Cam and Kim shake and shimmy up front. He has a well-honed stage presence even without room to prowl. His vocals are strong and distinctive. His harp playing more than incidental. Kim's occasional vocal leads offer a welcome twist. Her back-up vocals sweeten up the overall sound. She brings the feline feminine slink, sass and class with Egyptian eyes, sequenced, spaghetti strap camisole and a winking gold tooth. They'll do it all again at the Girls In The Garage show at the Lizard on June 19.
The Brigands have no intention of missing the next light beam to the afterlife. They come out kickin'. They bring the punk and skip the soul. No sin there. They rock hard and never let up. They gang up and kick ass on the chorus of juggernauts like Spymaster, She's So Hot, and Acid Test.
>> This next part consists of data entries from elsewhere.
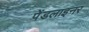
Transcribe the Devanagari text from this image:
पेंडलाइनर
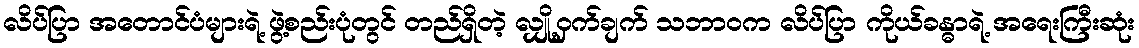
လိပ်ပြာ အတောင်ပံများရဲ့ ဖွဲ့စည်းပုံတွင် တည်ရှိတဲ့ လျှို့ဝှက်ချက် သဘာဝက လိပ်ပြာ ကိုယ်ခန္ဓာရဲ့ အရေးကြီးဆုံး
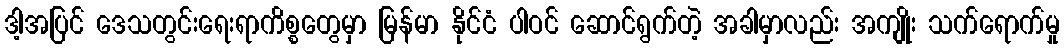
ဒါ့အပြင် ဒေသတွင်းရေးရာကိစ္စတွေမှာ မြန်မာ နိုင်ငံ ပါဝင် ဆောင်ရွက်တဲ့ အခါမှာလည်း အကျိုး သက်ရောက်မှု
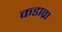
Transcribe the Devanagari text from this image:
कडाव्रा
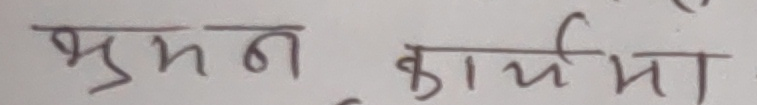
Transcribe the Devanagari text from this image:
भमन कार्यमा
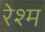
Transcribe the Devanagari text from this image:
रेश्म
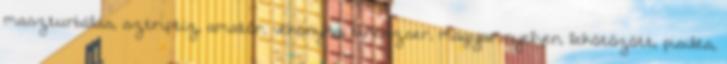
maszturbálás, sztriptíz, amatőr, vékonyka, tinédzser, magyar nyelven, lekötözött, pisilés,
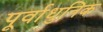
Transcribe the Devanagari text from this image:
पूर्वाधुनिक
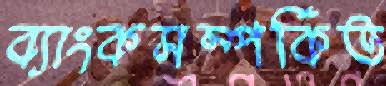
ব্যাংকসম্পর্কিত
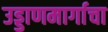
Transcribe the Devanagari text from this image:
उड्डाणमार्गाचा
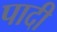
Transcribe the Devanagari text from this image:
पादी
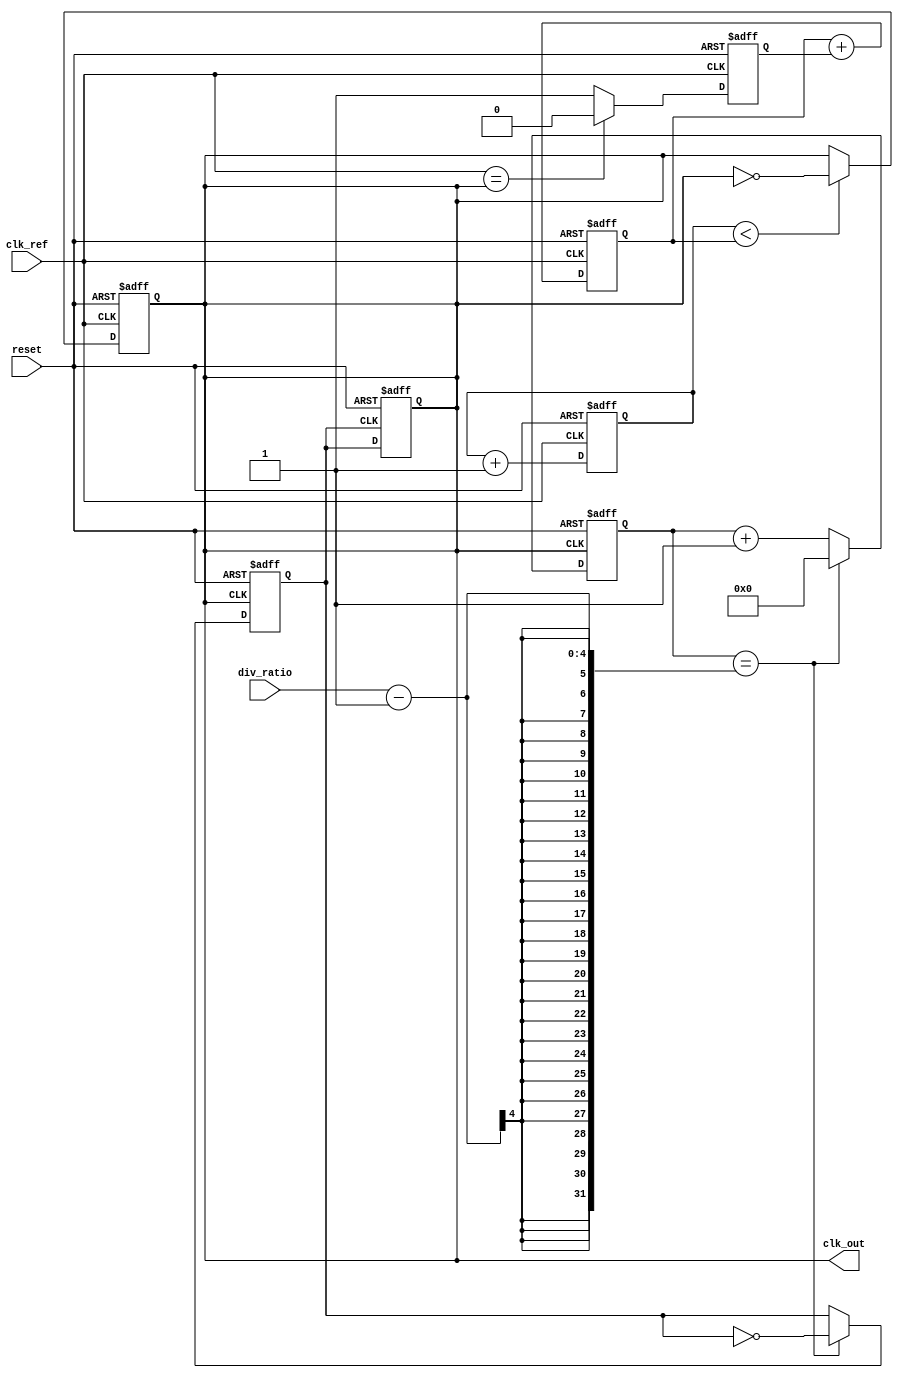
module PLL (
    input wire clk_ref,           // Reference clock input
    input wire reset,             // Reset signal
    input wire [3:0] div_ratio,   // Division ratio for frequency divider
    output reg clk_out            // Output clock signal
);

// Phase Detector
reg phase_error;
always @(posedge clk_ref or posedge reset) begin
    if (reset) begin
        phase_error <= 0;
    end else begin
        // Simple phase error detection logic (for illustration)
        // In a real design, this would compare the reference clock with the feedback clock
        phase_error <= (clk_ref == clk_out) ? 0 : 1;
    end
end

// Low Pass Filter
reg [7:0] control_voltage;
always @(posedge clk_ref or posedge reset) begin
    if (reset) begin
        control_voltage <= 8'd128; // Midpoint for VCO control
    end else begin
        // Simple LPF implementation (for illustration)
        control_voltage <= control_voltage + phase_error; // Adjust control voltage based on phase error
    end
end

// Voltage-Controlled Oscillator (VCO)
reg [3:0] vco_count;
always @(posedge clk_ref or posedge reset) begin
    if (reset) begin
        vco_count <= 0;
        clk_out <= 0;
    end else begin
        // Simple VCO frequency adjustment based on control voltage
        if (vco_count < control_voltage) begin
            clk_out <= ~clk_out; // Toggle output clock
        end
        vco_count <= vco_count + 1;
    end
end

// Frequency Divider
reg [3:0] divider_count;
reg clk_div;
always @(posedge clk_out or posedge reset) begin
    if (reset) begin
        divider_count <= 0;
        clk_div <= 0;
    end else begin
        if (divider_count == div_ratio - 1) begin
            clk_div <= ~clk_div; // Toggle divided clock
            divider_count <= 0;
        end else begin
            divider_count <= divider_count + 1;
        end
    end
end

// Final Output Clock (can be used as feedback for phase detection)
always @(posedge clk_div or posedge reset) begin
    if (reset) begin
        clk_out <= 0;
    end else begin
        clk_out <= clk_div; // Output the divided clock
    end
end

endmodule
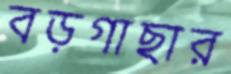
বড়গাছার
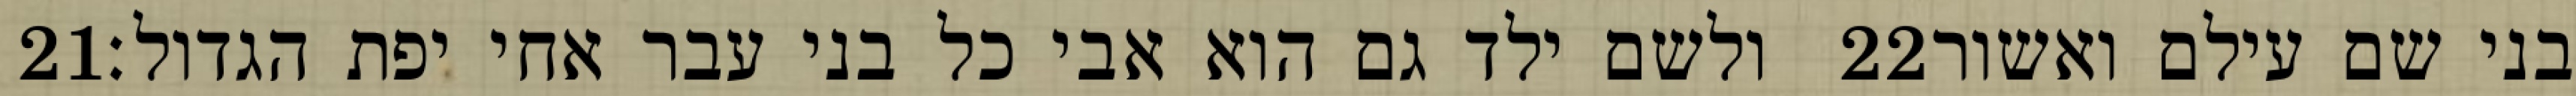
‎21‏ ולשם ילד גם הוא אבי כל בני עבר אחי יפת הגדול׃ ‎22‏ בני שם עילם ואשור
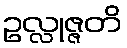
ဥလ္လုဇ္ဇတိ
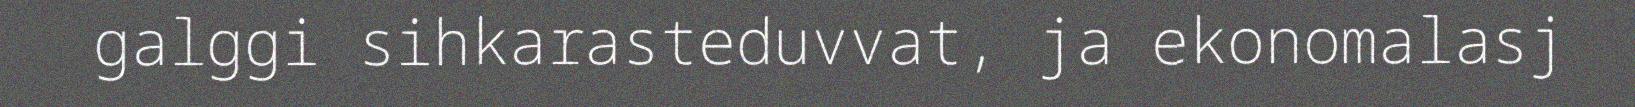
galggi sihkarasteduvvat, ja ekonomalasj
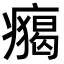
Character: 𤺐
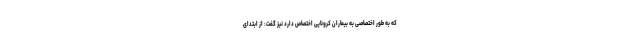
که به طور اختصاصی به بیماران کرونایی اختصاص دارد نیز گفت: از ابتدای
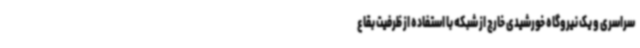
سراسری و یک نیروگاه خورشیدی خارج از شبکه با استفاده از ظرفیت بقاع
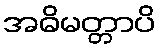
အဓိမတ္တာပိ
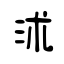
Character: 沭
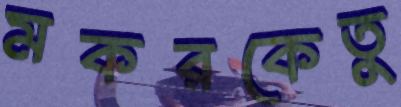
মকরকেতুু
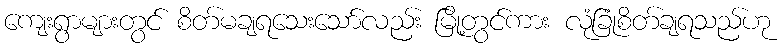
ကျေးရွာများတွင် စိတ်မချရသေးသော်လည်း မြို့တွင်ကား လုံခြုံစိတ်ချရသည်ဟု
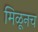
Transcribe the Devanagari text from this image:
मिळूनच
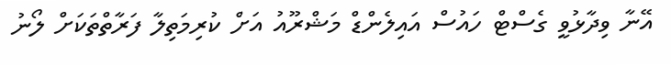
އޭނާ ވިދާޅުވީ ގެސްޓް ހައުސް އައިލެންޑް މަޝްރޫއު އަށް ކުރިމަތިލާ ފަރާތްތަކަށް ލޯނު
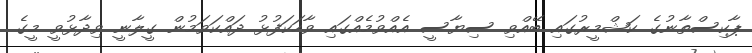
ޕާކިސްތާނުގެ ކަޝްމީރުގައި ބޭއްވި ސިޔާސީ އެއްވުމެއްގައި ވާހަކަފުޅު ދައްކަވަމުން ގީލާނީ ވިދާޅުވީ މީގެ
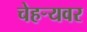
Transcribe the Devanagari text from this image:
चेहर्‍यवर
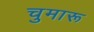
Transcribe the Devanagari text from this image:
चुमारू
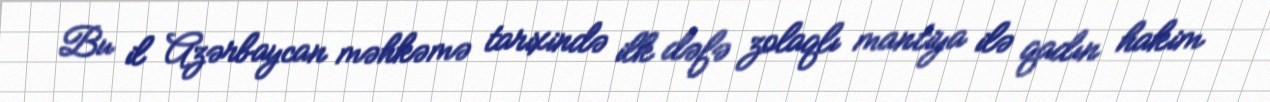
Bu il Azərbaycan məhkəmə tarixində ilk dəfə zolaqlı mantiya ilə qadın hakim
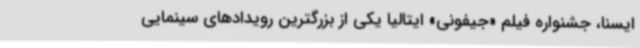
ایسنا، جشنواره فیلم «جیفونی» ایتالیا یکی از بزرگترین رویدادهای سینمایی
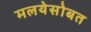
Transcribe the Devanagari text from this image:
मलयेसोबत
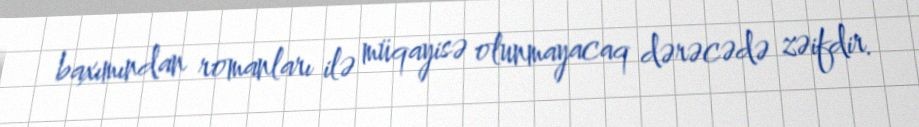
baxımından romanları ilə müqayisə olunmayacaq dərəcədə zəifdir.
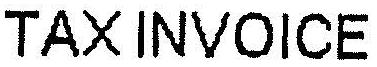
TAX INVOICE
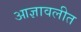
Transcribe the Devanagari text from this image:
आज्ञावलीत
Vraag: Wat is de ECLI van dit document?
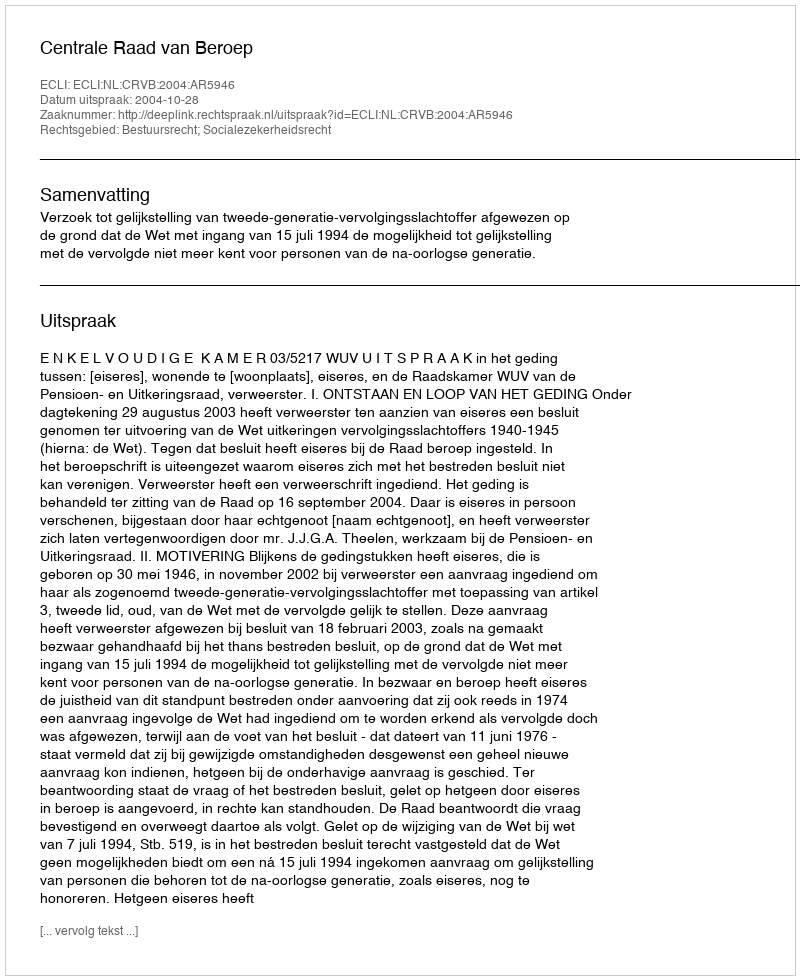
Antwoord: ECLI:NL:CRVB:2004:AR5946
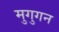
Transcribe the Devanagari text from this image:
मुगुगन
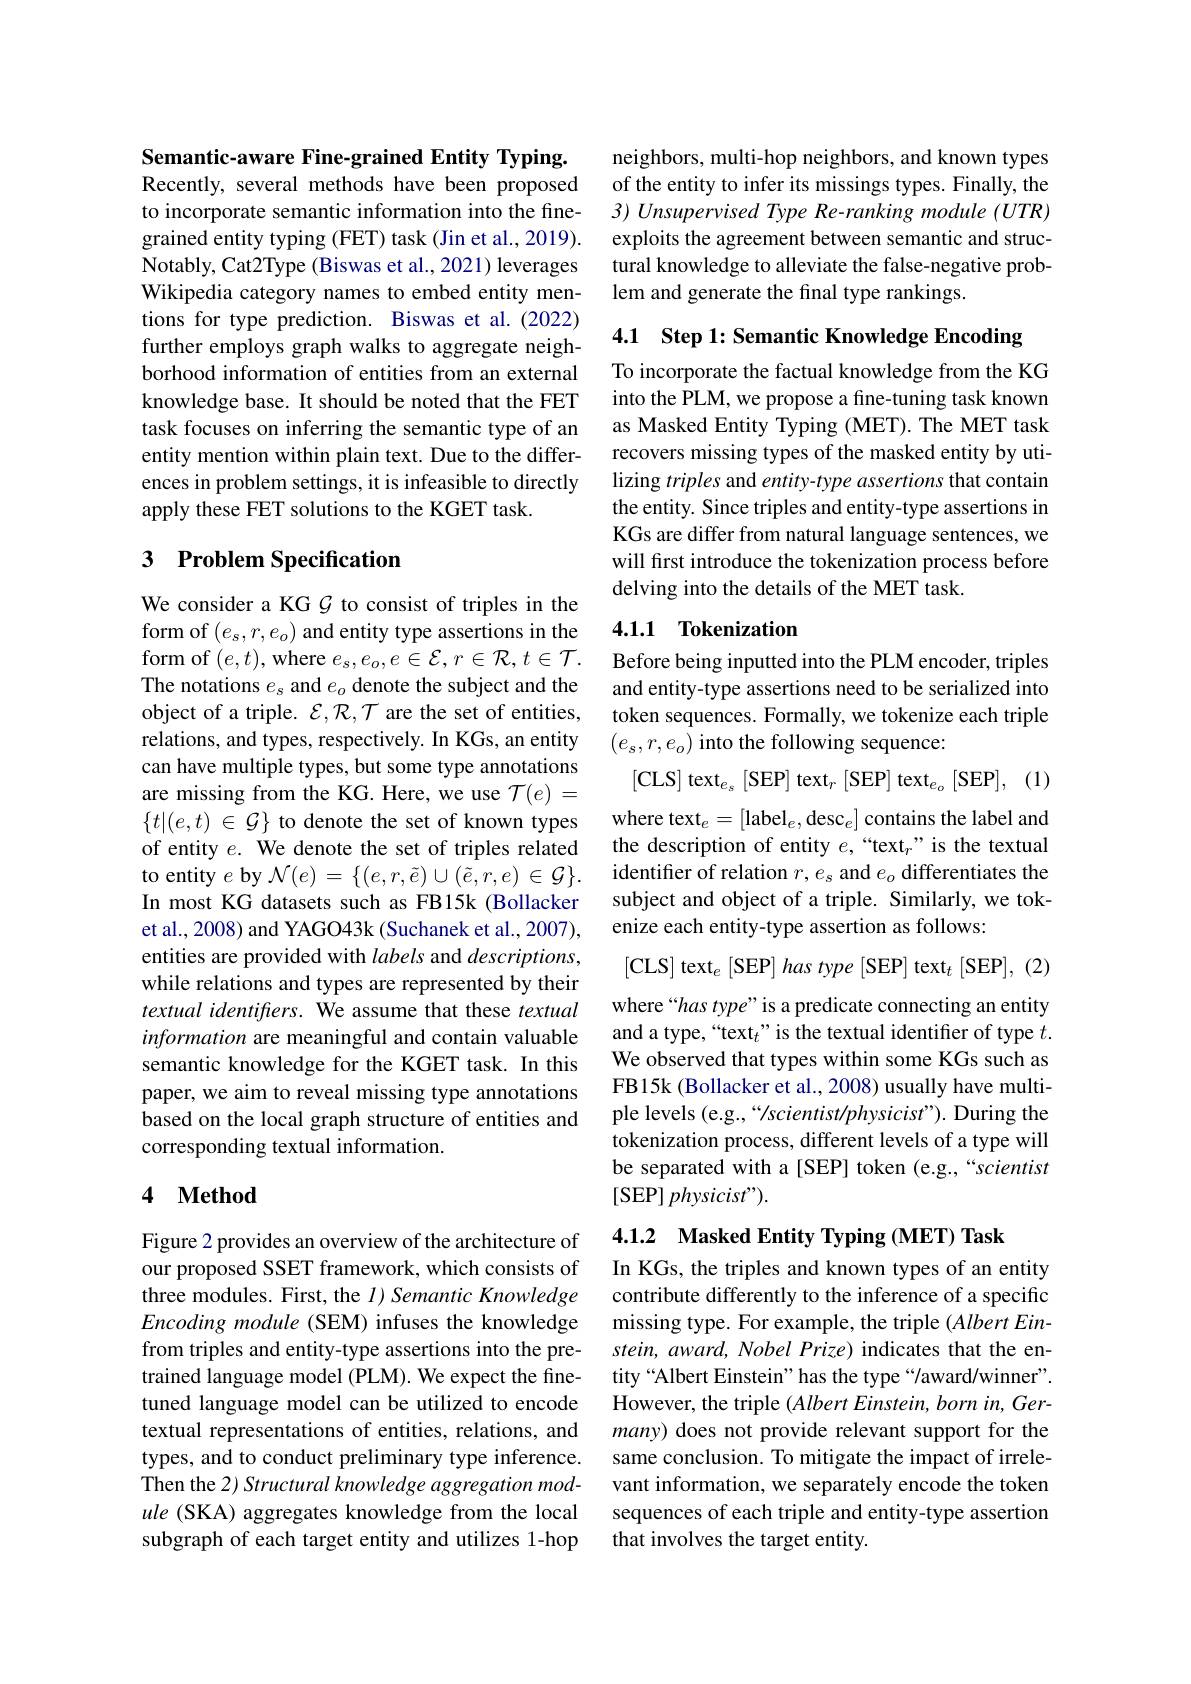
Semantic-aware Fine-grained Entity Typing.

Recently, several methods have been proposed to incorporate semantic information into the finegrained entity typing (FET) task (Jin et al., 2019). Notably, Cat2Type (Biswas et al., 2021) leverages Wikipedia category names to embed entity mentions for type prediction. Biswas et al.(2022) further employs graph walks to aggregate neighborhood information of entities from an external knowledge base. It should be noted that the FET task focuses on inferring the semantic type of an entity mention within plain text. Due to the differences in problem settings, it is infeasible to directly apply these FET solutions to the KGET task.

## 3 Problem Specification

We consider a KG $\mathcal{G}$ to consist of triples in the form of $(e_s,r,e_o)$ and entity type assertions in the form of $(e,t)$,where $e_s,e_o,e\in\mathcal{E},r\in\mathcal{R},t\in\mathcal{T}.$ The notations $e_s$ and $e_o$ denote the subject and the object of a triple. $\mathcal{E},\mathcal{R},\mathcal{T}$ are the set of entities, relations, and types, respectively. In KGs, an entity can have multiple types, but some type annotations are missing from the KG. Here, we use $\mathcal{T}(e)=$ $\{ t| ( e, t)$ $\in$ $\mathcal{G} \}$ to denote the set of known types of entity $e.$ We denote the set of triples related to entity $e$ by $\mathcal{N}(e)=\{(e,r,\tilde{e})\cup(\tilde{e},r,e)\in\mathcal{G}\}.$ In most KG datasets such as FB15k (Bollacker et al., 2008) and YAGO43k (Suchanek et al., 2007), entities are provided with labels and $descriptions$, while relations and types are represented by their textual identifters. We assume that these textual information are meaningful and contain valuable semantic knowledge for the KGET task. In this paper, we aim to reveal missing type annotations based on the local graph structure of entities and corresponding textual information.

### 4 $\textbf{Method}$

Figure 2 provides an overview of the architecture of our proposed SSET framework, which consists of three modules. First, the $I) \textit{Semantic Knowledge}$ Encoding module (SEM) infuses the knowledge from triples and entity-type assertions into the pretrained language model (PLM). We expect the finetuned language model can be utilized to encode textual representations of entities, relations, and types, and to conduct preliminary type inference. Then the 2) Structural knowledge aggregation module (SKA) aggregates knowledge from the local subgraph of each target entity and utilizes 1-hop

neighbors, multi-hop neighbors, and known types of the entity to infer its missings types. Finally, the 3) Unsupervised Type Re-ranking module (UTR) exploits the agreement between semantic and structural knowledge to alleviate the false-negative problem and generate the final type rankings.

4.1 Step 1: Semantic Knowledge Encoding

To incorporate the factual knowledge from the KG into the PLM, we propose a fine-tuning task known as Masked Entity Typing (MET). The MET task recovers missing types of the masked entity by utilizing triples and entity-type assertions that contain the entity. Since triples and entity-type assertions in KGs are differ from natural language sentences, we will first introduce the tokenization process before delving into the details of the MET task.

## 4.1.1 Tokenization

Before being inputted into the PLM encoder, triples and entity-type assertions need to be serialized into token sequences. Formally, we tokenize each triple $(e_s,r,e_o)$ into the following sequence:

[CLS] text$_e_s[\mathrm{SEP}]$ text$_r[$SEP] text$_e_o[\mathrm{SEP}],\:(1)$

where text$_e=[\mathrm{label}_e,\mathrm{desc}_e]$ contains the label and the description of entity $e,“\text{text}_r”$ is the textual identifer of relation $r,e_s$ and $e_o$ differentiates the subject and object of a triple. Similarly, we tokenize each entity-type assertion as follows:

[CLS] text$_e[$SEP] has type [SEP] text$_t[$SEP],(2)

where“has type”is a predicate connecting an entity and a type, “text$_t$”is the textual identiffer of type $t.$ We observed that types within some KGs such as FB15k (Bollacker et al., 2008) usually have multiple levels (e.g.,“/scientist/physicist”). During the tokenization process, different levels of a type will be separated with a [SEP] token (e.g.,“scientist [SEP] physicist").

4.1.2 Masked Entity Typing (MET) Task

In KGs, the triples and known types of an entity contribute differently to the inference of a specific missing type. For example, the triple $(AlbertEin-$ stein, award, Nobel Prize) indicates that the entity “Albert Einstein” has the type“/award/winner”. However, the triple $( Albert\textit{Einstein, born in, Ger- }$ many) does not provide relevant support for the same conclusion. To mitigate the impact of irrelevant information, we separately encode the token sequences of each triple and entity-type assertion that involves the target entity.

The Brigands subscribe to lean if not mean. They double up on the vocals, occasionally treble up. A little call and response here, a one beat break there. The bass underlines the riff and the drums stay hard in the pocket or ride in on a drum line roll. The cymbals drive home the important points. The guitar solos stay true to the rule. It throws out eight bars of gasoline to flare the fire and then lets it burn. The briganated version of the Long Ryder's Looking for Lewis and Clark punk pops its paisley little ass off. If the rapture comes tonight the blue light will surely find them all.